Based on your own selection process, what advice do you have for applicants who are trying to draw up to a list of target schools to which to apply? I had a two-step process in MBA school selection:

1) Check your compatibility with your desired schools: What are your personal objectives in doing an MBA? Does it fit the mission of the school and vice versa? This is important to consider because if the mission of the school is attuned with yours, then you will be able to make the most out of the experience. Get to know the school, not just through information that’s readily available online. Attend information sessions to meet the people that make up the community of the school. This will help you grasp the atmosphere and character of your desired school.

2) Streamline your options to fit your purpose for doing the MBA: In my experience, I researched about schools through various means – visiting the campus and attending information sessions and networking events. I met people from the schools and learned from their experiences. From these, I learned which school suited my purpose for doing the MBA. I ended up applying only to one school that is the school I will go to—IESE MBA.

Applying to an MBA is not just about submitting to a lot of schools and going into the best that you get. It will be a lifetime partnership with the community of the school. Spend ample time thinking of your purpose in doing the MBA and research well on the schools that best supports you to achieve that and only apply to those.

What advice do you have for applicants in actually applying to a school, writing essays, doing admission interviews, and getting recommenders to write letters on your behalf? MBA applications entailsa lot of requirements, but even with all these, don’t forget to check the big picture. What is your story? What message do you want to convey to the admissions committee? All of these must be clearly communicated in the various application requirements. The MBA application is not just completing a checklist of items describing your achievements. Keep in mind that it is not only how great you have been in where you were—generally, everyone applying for an MBA is a stellar candidate. Rather, it is more of what you want to do in the future and how will the particular school help you achieve that?

What led you to choose this program for your full-time MBA? In choosing which MBA school to apply to, first, the school must be prestigious; it definitely must be among the top MBA schools in globally.

Second, it must have a great geographic location. I wanted to be in a city that had a different language from my own. I think being able to study another language is part of the cultural and learning experience of doing an MBA.

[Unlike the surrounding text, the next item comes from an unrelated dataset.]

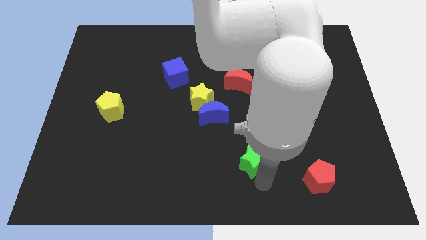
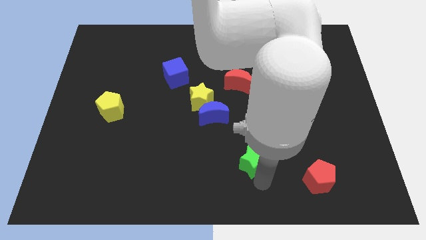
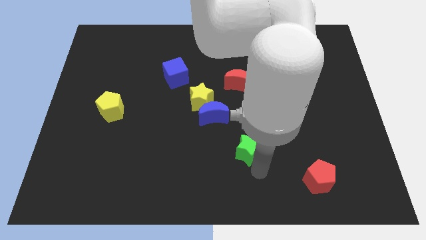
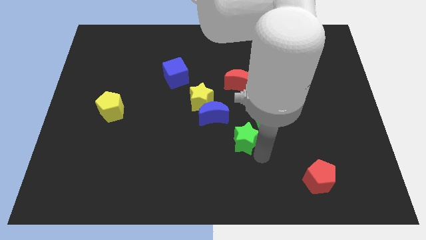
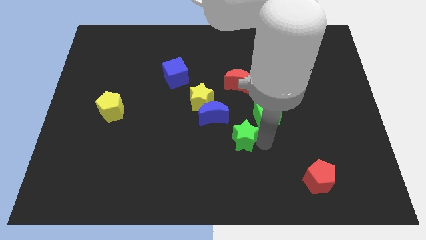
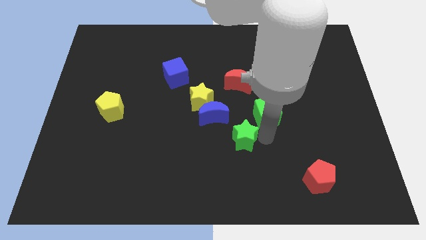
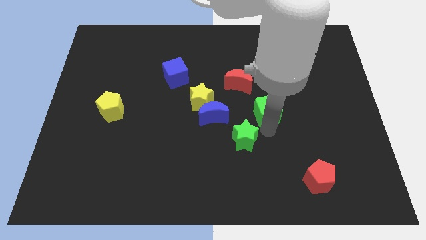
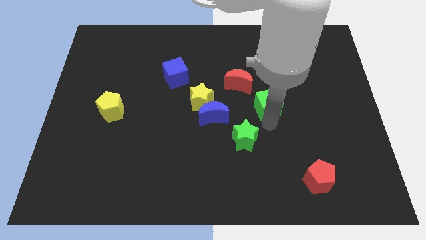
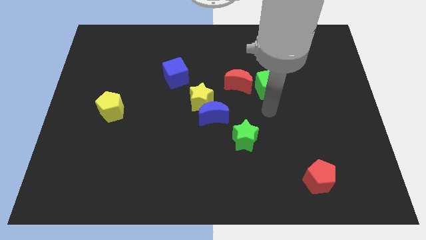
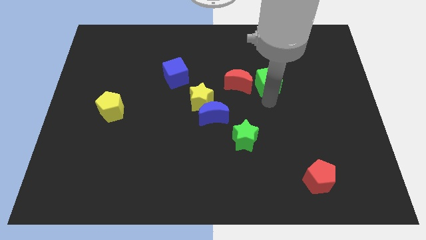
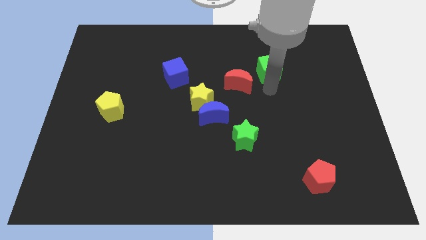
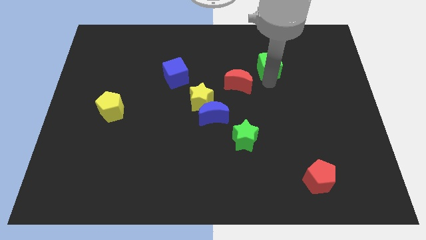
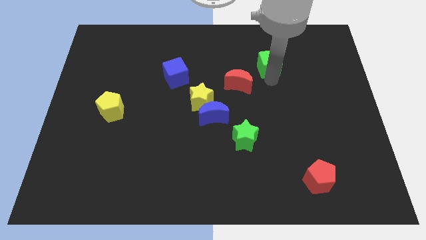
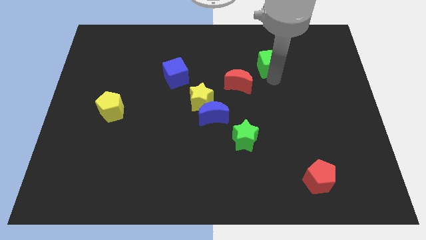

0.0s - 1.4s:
push the green cube towards the top

Third would be the duration of the program that, for me. needed to be two years. The first year is when you learn about yourself, you curate your dreams and you explore. The second year is when you make things happen. Being an expert in anything takes time. A year felt too short, while two years seemed just right.

Last – but the most important criteria – would be the adherence of the school’s mission to my purpose of doing the MBA.

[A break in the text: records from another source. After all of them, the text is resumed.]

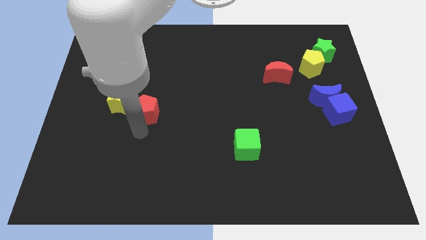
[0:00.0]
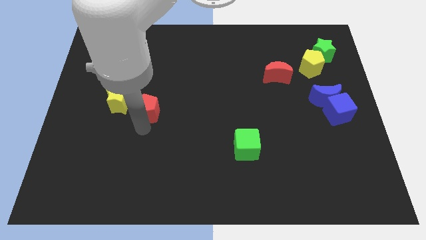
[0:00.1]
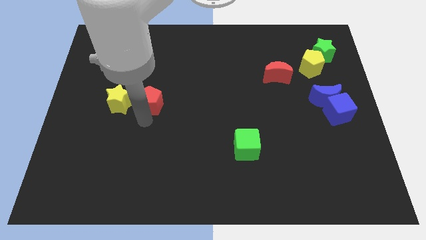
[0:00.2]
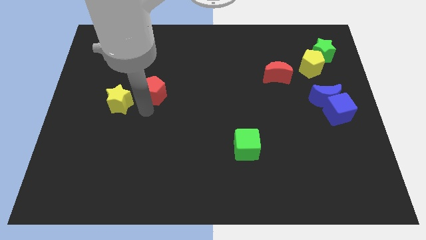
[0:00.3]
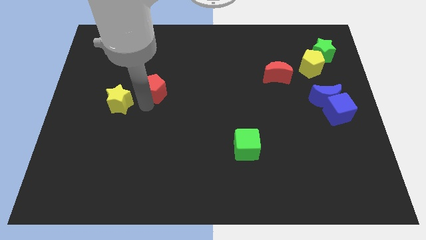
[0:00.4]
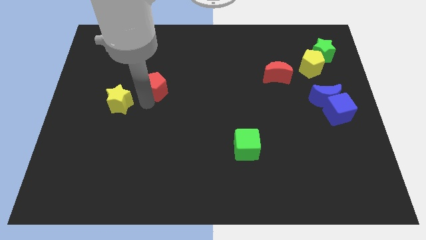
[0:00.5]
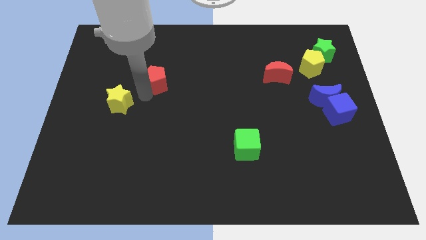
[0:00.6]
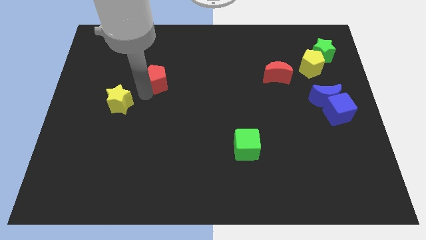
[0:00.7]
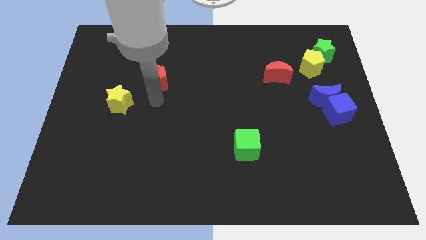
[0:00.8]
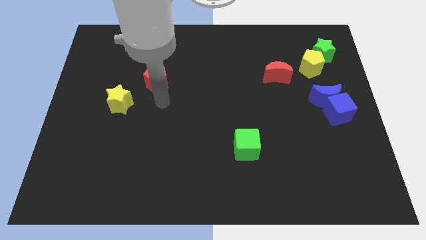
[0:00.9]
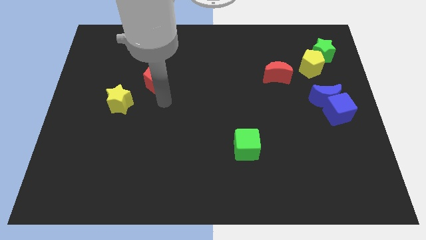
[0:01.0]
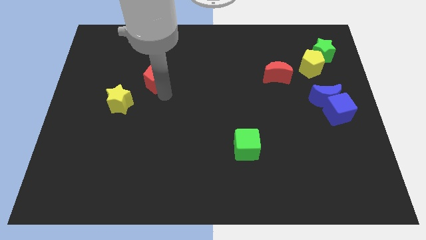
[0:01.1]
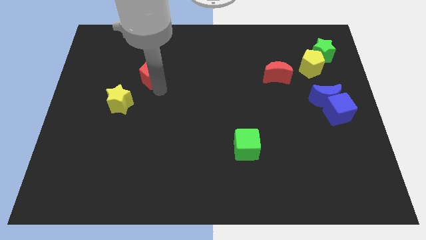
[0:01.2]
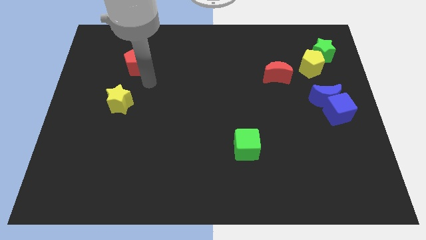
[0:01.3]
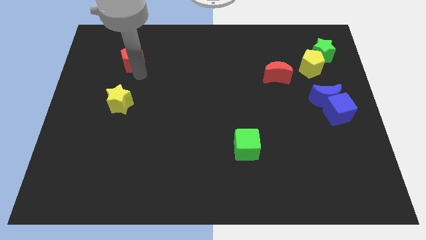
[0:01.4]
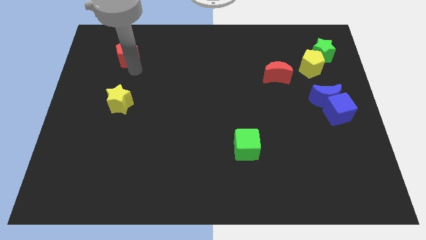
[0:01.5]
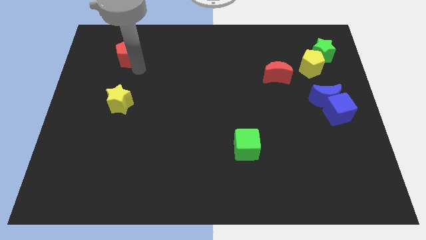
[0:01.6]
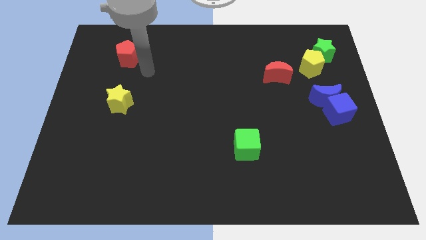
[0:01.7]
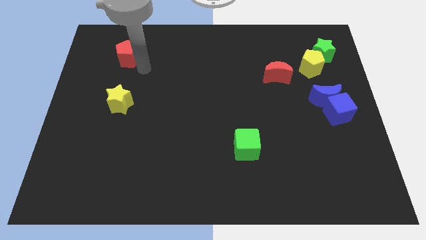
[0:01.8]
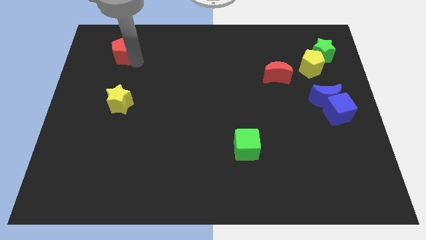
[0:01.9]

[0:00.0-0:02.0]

I only applied to one school and it was part of the risk I took which was part of the learning experience of applying into an MBA school. To better explain my thought process in choosing to apply only to IESE, I hope this blog post serves as a good guide:

What would you ultimately like to achieve before you graduate? Before I graduate, my goals are the following:

1) To clearly determine which career to shift to after the MBA where I will be able to succeed and to make a relevant change in my environment

2) To develop a more global mindset through the entire international experience I will have. It would be a big bonus to be fluent in another language.

3) To immerse in new experiences, to meet new people, to dream bigger every time!

I am confident that the school I will be going to will support all these objectives through proper guidance in choosing the right career path with a very hands-on career services team for the students, through a very diverse community, and through their mission of ensuring that their students create a positive impact through the work that I will engage in.